Le petitjournal.com d’Istanbul est allé à la rencontre d'Alain Quella-Villéger, spécialiste de l'écrivain Pierre Loti, mort il y a cent ans en 1923 et grand admirateur de la Turquie. Seconde partie d'un entretien d'une grande richesse autour d'un personnage dont on n'a pas encore fait le tour...
Pierre Loti est un phénomène dont on n'a pas encore fait le tour et un écrivain toujours actuel. Alain Quella-Villéger explore de nouvelles facettes de l'écrivain pour le faire connaître au grand public.
Alain Quella-Villéger nous parle de Pierre Loti, grand admirateur de la Turquie 1/2
Lepetitjournal.com d’Istanbul : Alain Quella-Villéger, vous avez grandement contribué à réévaluer l’image de Pierre Loti ?
Alain Quella-Villéger : Oui, enfin, nous sommes quelques-uns. J'ai fait ma part et je continue. Il existe toute une chaîne avec des auteurs comme Roland Barthes qui, en 1972, a écrit une préface pour Aziyadé.
Me concernant, je travaille beaucoup avec Bruno Vercier. Nous avons publié le journal intime intégral de Loti (aux éditions des Indes Savantes). Une vraie chaîne de recherches s'est alors mise en place. Mon originalité tient peut-être au fait que je suis historien alors que presque tous les autres sont des littéraires. Nous avons ainsi des approches très complémentaires.
Et, à ce propos, avez-vous d'autres travaux en parallèle de ce travail sur Loti ?
J’en ai toujours eu beaucoup, mais ils sont moins visibles parce que Loti, c'est très grand public. J'ai beaucoup travaillé justement sur des biographies de femmes, notamment sur une femme résistante qui a été guillotinée par les nazis (France Bloch-Sérazin) ou sur la romancière Marcelle Tinayre dont j’ai réédité le voyage en Turquie. J'ai également travaillé sur Claude Farrère, ami de Loti, qui aimait beaucoup les Turcs. Enfin, j'ai publié deux biographies de l'explorateur René Caillié, premier occidental à être revenu de Tombouctou en 1828. De manière générale, j'ai beaucoup travaillé sur le thème du voyage et de l'exotisme. Loti, c'est la partie visible de l'iceberg.
Revenons à Loti, celui-ci reste votre grande passion ?

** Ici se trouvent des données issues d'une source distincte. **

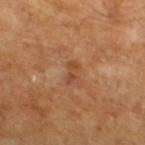Clinical impression:
No biopsy was performed on this lesion — it was imaged during a full skin examination and was not determined to be concerning.
Context:
A male subject, roughly 65 years of age. A 15 mm close-up tile from a total-body photography series done for melanoma screening. Measured at roughly 2.5 mm in maximum diameter. This is a cross-polarized tile. Automated image analysis of the tile measured a lesion color around L≈45 a*≈22 b*≈34 in CIELAB, a lesion–skin lightness drop of about 7, and a lesion-to-skin contrast of about 5.5 (normalized; higher = more distinct). It also reported a lesion-detection confidence of about 100/100.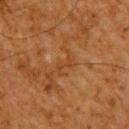| field | value |
|---|---|
| biopsy status | catalogued during a skin exam; not biopsied |
| body site | the upper back |
| patient | male, aged 58 to 62 |
| acquisition | ~15 mm tile from a whole-body skin photo |
| size | ≈2.5 mm |
| illumination | cross-polarized illumination |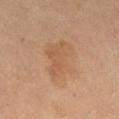A 15 mm close-up tile from a total-body photography series done for melanoma screening. The lesion is located on the right thigh. This is a cross-polarized tile. Measured at roughly 5.5 mm in maximum diameter. A female patient, in their 70s.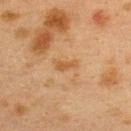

Oui, et je l'assume totalement. C'est un peu la colonne vertébrale d'une bonne partie de mon travail. A partir de lui, je vais vers d'autres écrivains, vers d'autres sujets. Ainsi, travailler sur Loti amène à s'intéresser à l'île de Pâques ou encore à la Patagonie. Loti n'est pas un sujet qui enferme. Au contraire, il ouvre à bien d'autres horizons. Parfois des gens me disent : "mais tu n’en n’as pas marre de Loti ?" et je leur réponds "c'est peut-être lui qui peut en avoir marre de moi" !
Mais le sujet est loin d'être épuisé. De nouvelles pistes émergent. Nous commençons à travailler sur la publication de sa correspondance et il reste encore beaucoup de choses à faire. Nous n'avons pas encore fait le tour du personnage !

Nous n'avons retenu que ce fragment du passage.